*** Source information ***

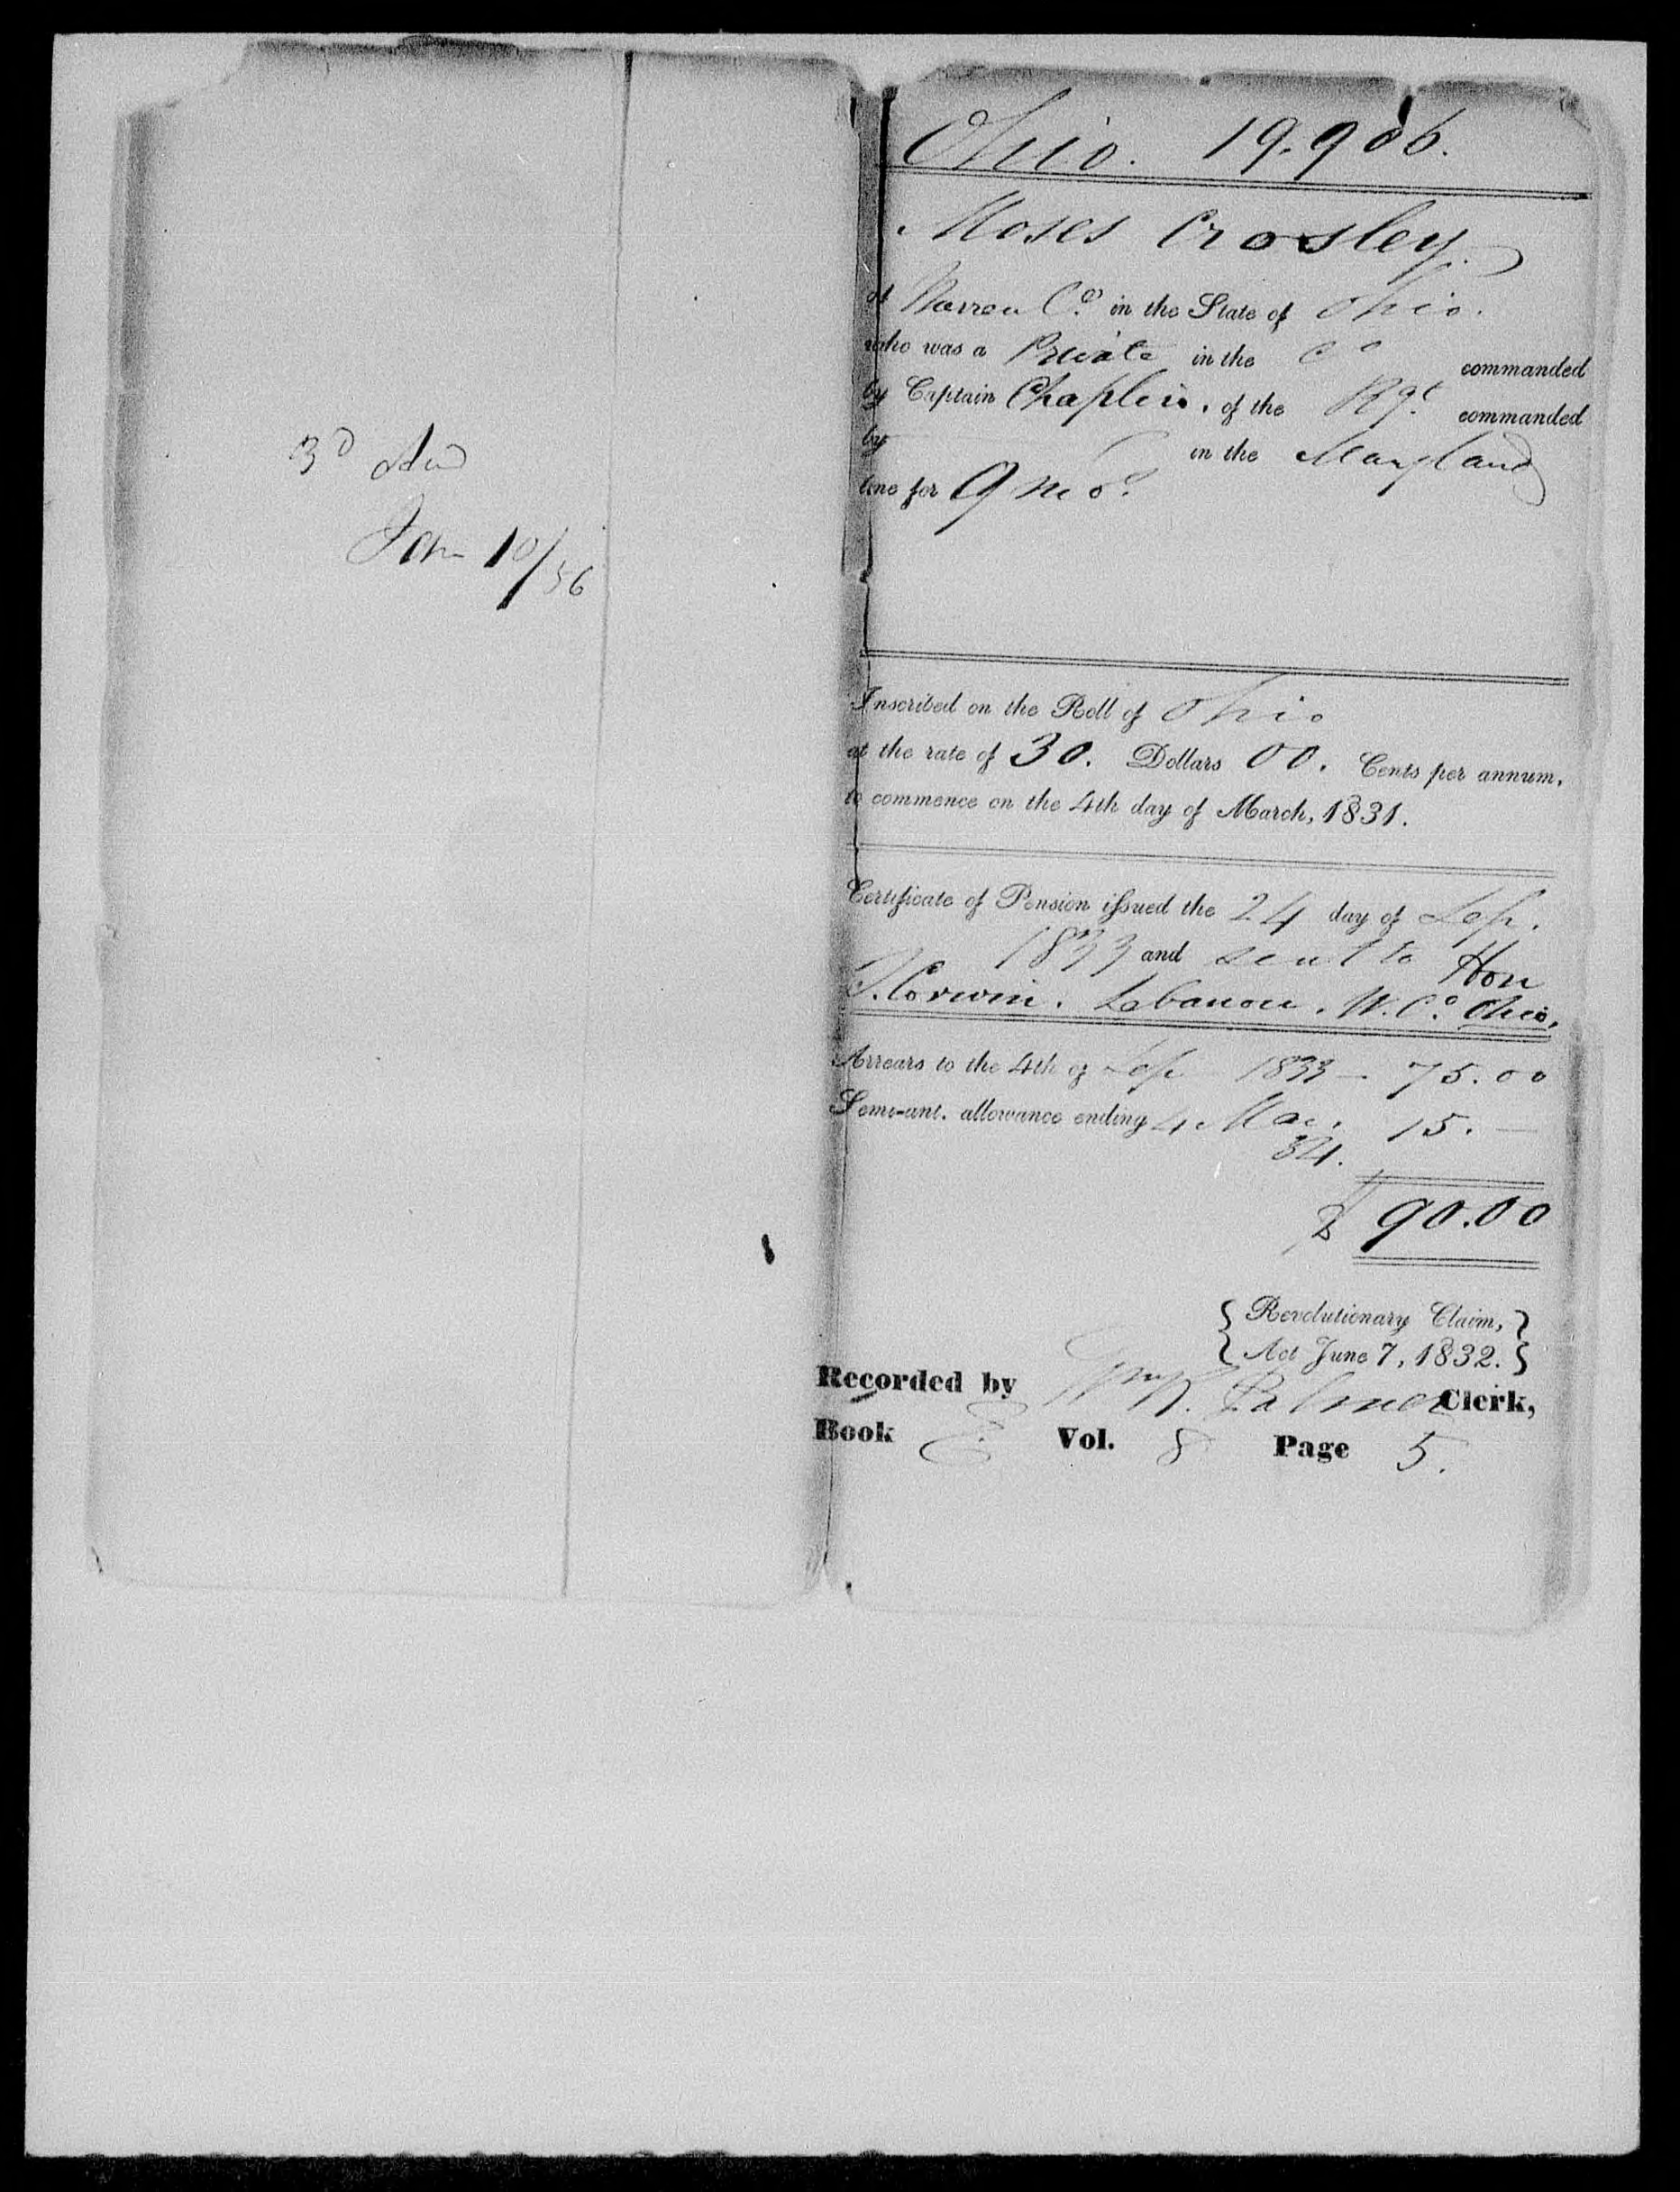3d Aud
Jan 10/56

Ohio 19.906
Moses Crosley
of Warren Co in the State of Ohio
who was a Private in the co commanded
by Captain Chaplin of the Rgt commanded 
by ______ in the Maryland
line in the Maryland
line for 9 mos.

Inscribed on the Roll of Ohio
the rate of 30 Dollars 00. Cents per annum
to commence on the 4th day of March, 1831.

Certificate of Pension issued the 24 day of Sep.
1833 and sent to Hon
T Corwin, Lebanon, W. Co Ohio

Arrears to the 4th of Sep 1833- 75.00
Semi-anl. allowance ending 4 Mar 34. 15.--
$90.00
Revolutionary Claim,
Act June 7, 1832.

Recorded by Wm. R. Palmer Clerk,
Book E vol 8, Page 5

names: Chaplin, Moses Crosley, Wm R Palmer, T Corwin
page: 12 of 37
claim: rejected
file: R. 2516, Moses Crosley, Md.

***

• [Work instructions] The whole listing should be printed again exactly as written, images excluded.

• [Exercise solution]
3d Aud
Jan 10/56

Ohio 19.906
Moses Crosley
of Warren Co in the State of Ohio
who was a Private in the co commanded
by Captain Chaplin of the Rgt commanded 
by ______ in the Maryland
line in the Maryland
line for 9 mos.

Inscribed on the Roll of Ohio
the rate of 30 Dollars 00. Cents per annum
to commence on the 4th day of March, 1831.

Certificate of Pension issued the 24 day of Sep.
1833 and sent to Hon
T Corwin, Lebanon, W. Co Ohio

Arrears to the 4th of Sep 1833- 75.00
Semi-anl. allowance ending 4 Mar 34. 15.--
$90.00
Revolutionary Claim,
Act June 7, 1832.

Recorded by Wm. R. Palmer Clerk,
Book E vol 8, Page 5

names: Chaplin, Moses Crosley, Wm R Palmer, T Corwin
page: 12 of 37
claim: rejected
file: R. 2516, Moses Crosley, Md.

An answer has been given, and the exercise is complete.